Work task.
Give all the lines below again, exactly, with no pictures.

Data excerpts.
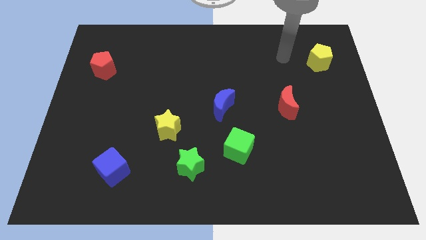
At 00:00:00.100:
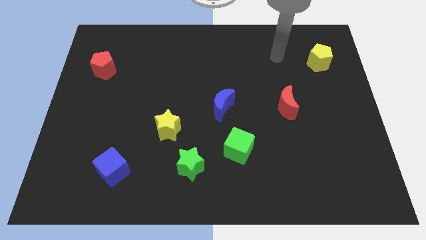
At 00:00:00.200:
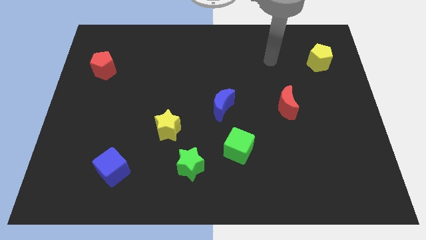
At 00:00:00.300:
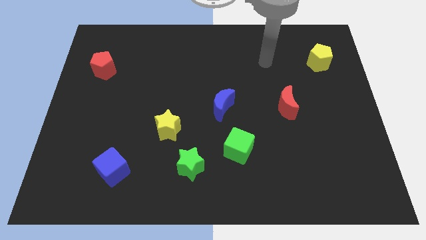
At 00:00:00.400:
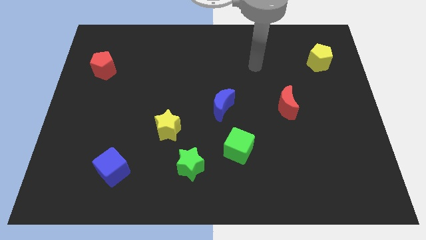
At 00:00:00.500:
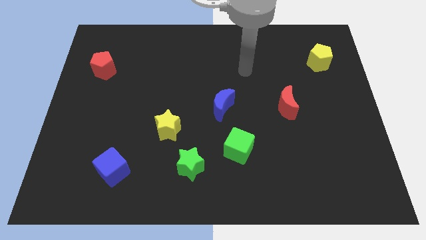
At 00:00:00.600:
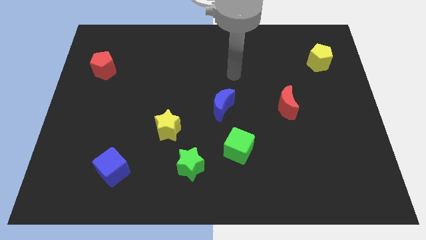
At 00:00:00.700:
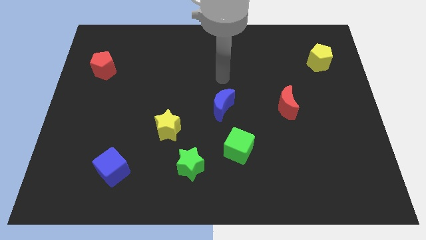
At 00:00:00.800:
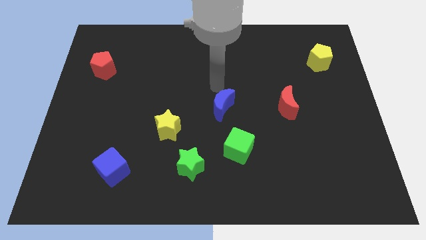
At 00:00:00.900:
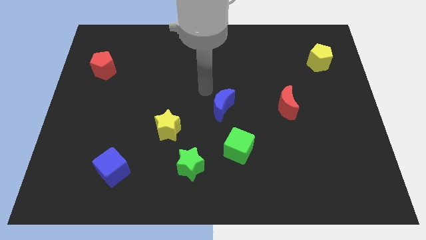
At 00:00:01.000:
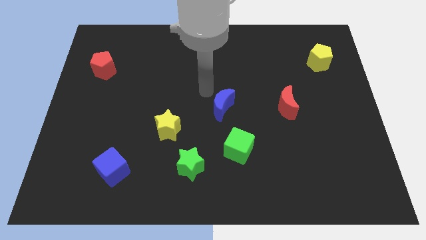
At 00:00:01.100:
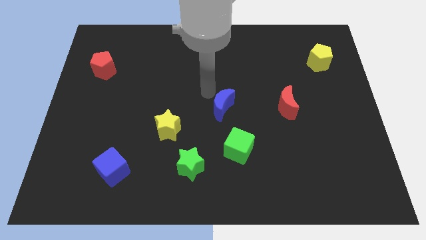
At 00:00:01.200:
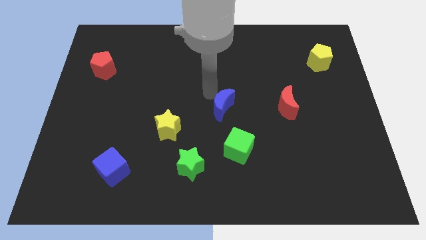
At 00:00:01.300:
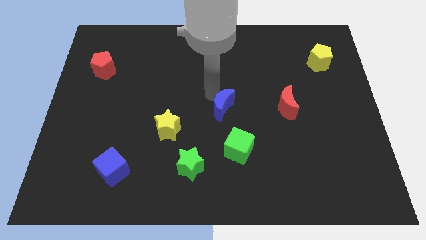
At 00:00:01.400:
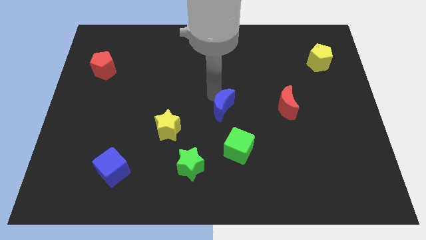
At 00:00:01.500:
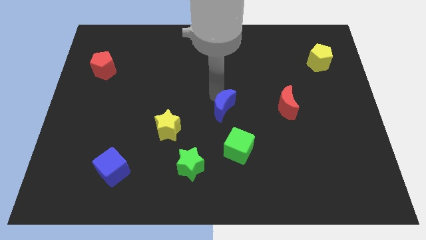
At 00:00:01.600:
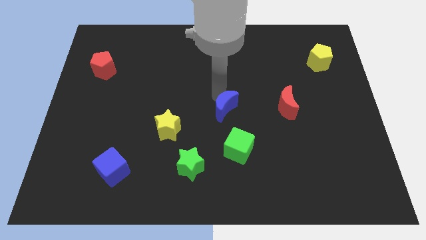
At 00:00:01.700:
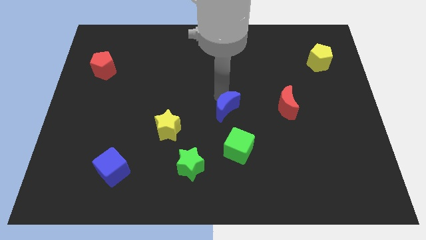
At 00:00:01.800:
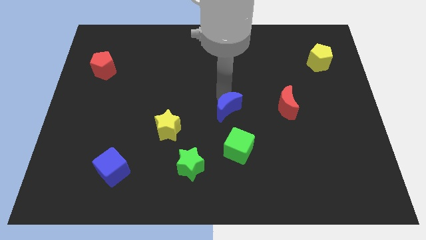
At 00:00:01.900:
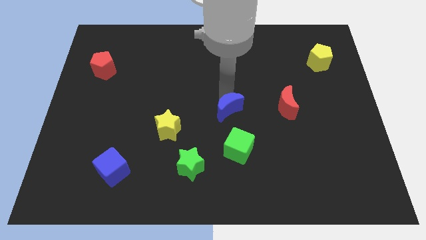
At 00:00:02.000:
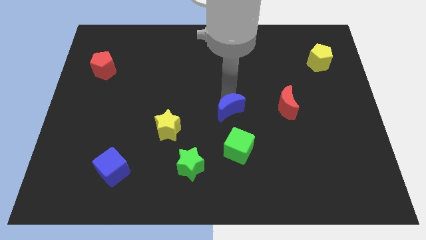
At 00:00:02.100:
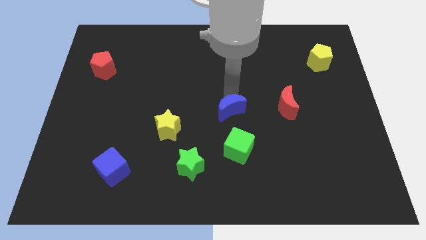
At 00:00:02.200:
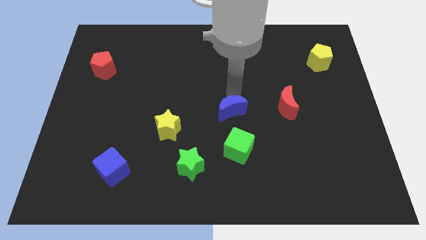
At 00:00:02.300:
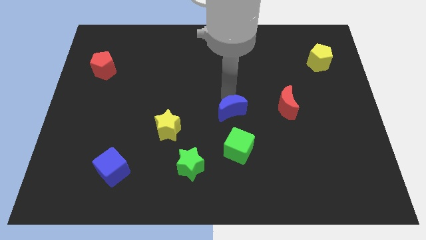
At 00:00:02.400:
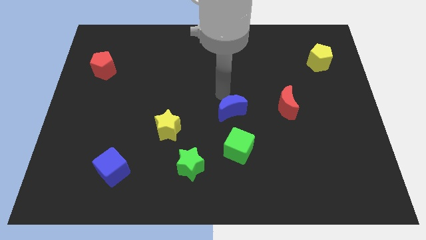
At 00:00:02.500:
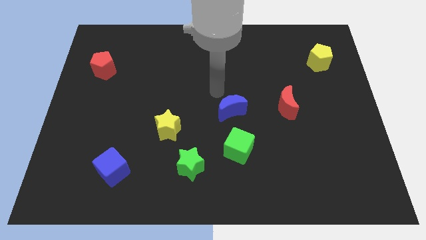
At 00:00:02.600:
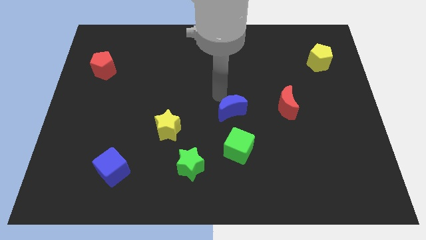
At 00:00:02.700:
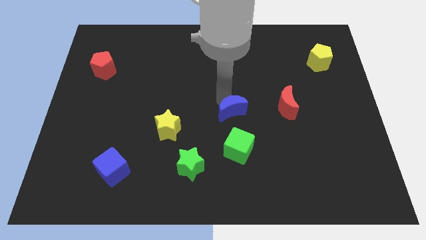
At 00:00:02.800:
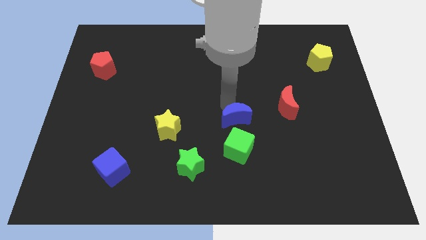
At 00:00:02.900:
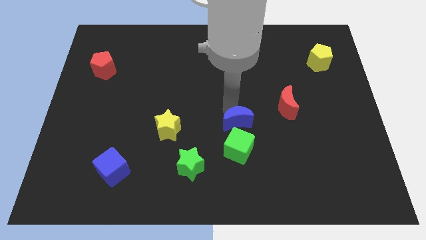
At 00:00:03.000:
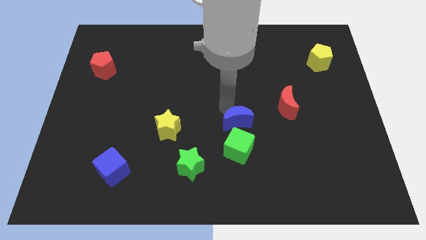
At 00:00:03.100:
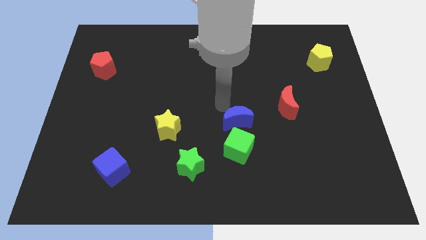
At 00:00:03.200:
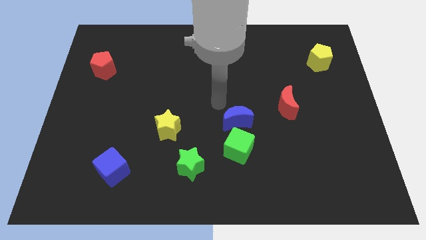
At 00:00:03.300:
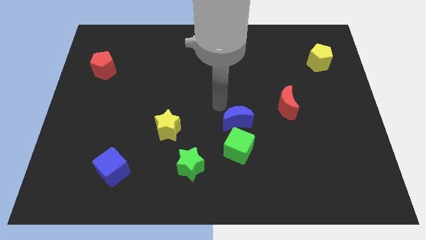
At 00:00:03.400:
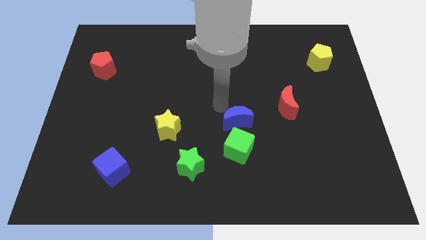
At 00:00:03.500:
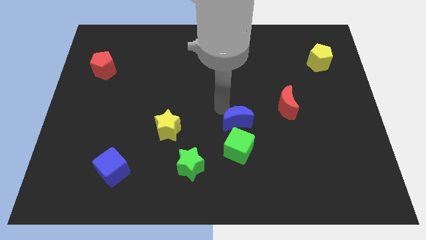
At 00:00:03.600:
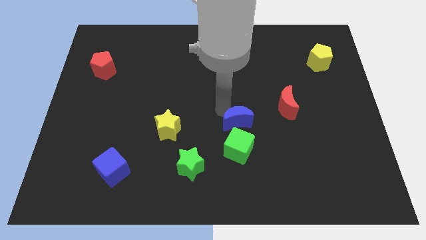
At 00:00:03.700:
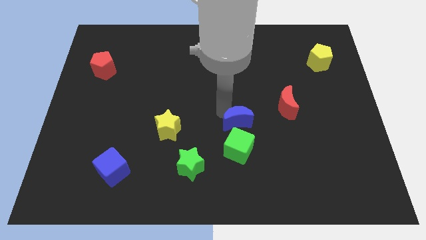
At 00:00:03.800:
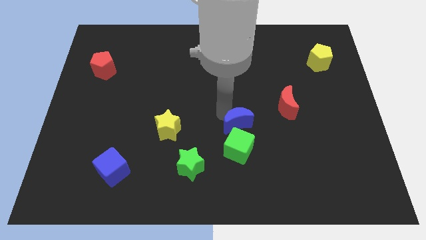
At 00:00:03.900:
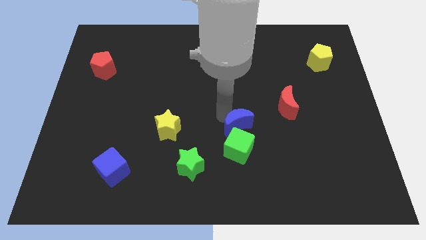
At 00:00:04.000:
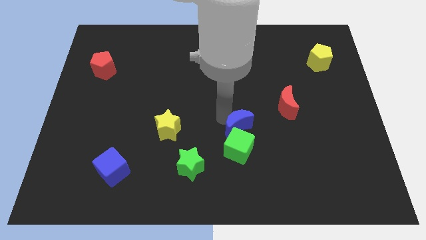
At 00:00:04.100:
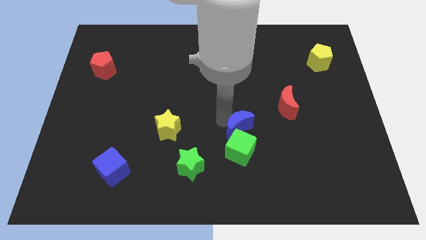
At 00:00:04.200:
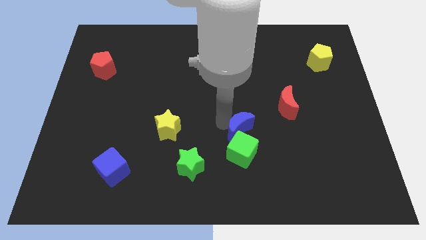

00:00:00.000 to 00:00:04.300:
slide the blue moon a little bit downwards and to the right diagonally

Your response.
At 00:00:00.100:
At 00:00:00.200:
At 00:00:00.300:
At 00:00:00.400:
At 00:00:00.500:
At 00:00:00.600:
At 00:00:00.700:
At 00:00:00.800:
At 00:00:00.900:
At 00:00:01.000:
At 00:00:01.100:
At 00:00:01.200:
At 00:00:01.300:
At 00:00:01.400:
At 00:00:01.500:
At 00:00:01.600:
At 00:00:01.700:
At 00:00:01.800:
At 00:00:01.900:
At 00:00:02.000:
At 00:00:02.100:
At 00:00:02.200:
At 00:00:02.300:
At 00:00:02.400:
At 00:00:02.500:
At 00:00:02.600:
At 00:00:02.700:
At 00:00:02.800:
At 00:00:02.900:
At 00:00:03.000:
At 00:00:03.100:
At 00:00:03.200:
At 00:00:03.300:
At 00:00:03.400:
At 00:00:03.500:
At 00:00:03.600:
At 00:00:03.700:
At 00:00:03.800:
At 00:00:03.900:
At 00:00:04.000:
At 00:00:04.100:
At 00:00:04.200:

00:00:00.000 to 00:00:04.300:
slide the blue moon a little bit downwards and to the right diagonally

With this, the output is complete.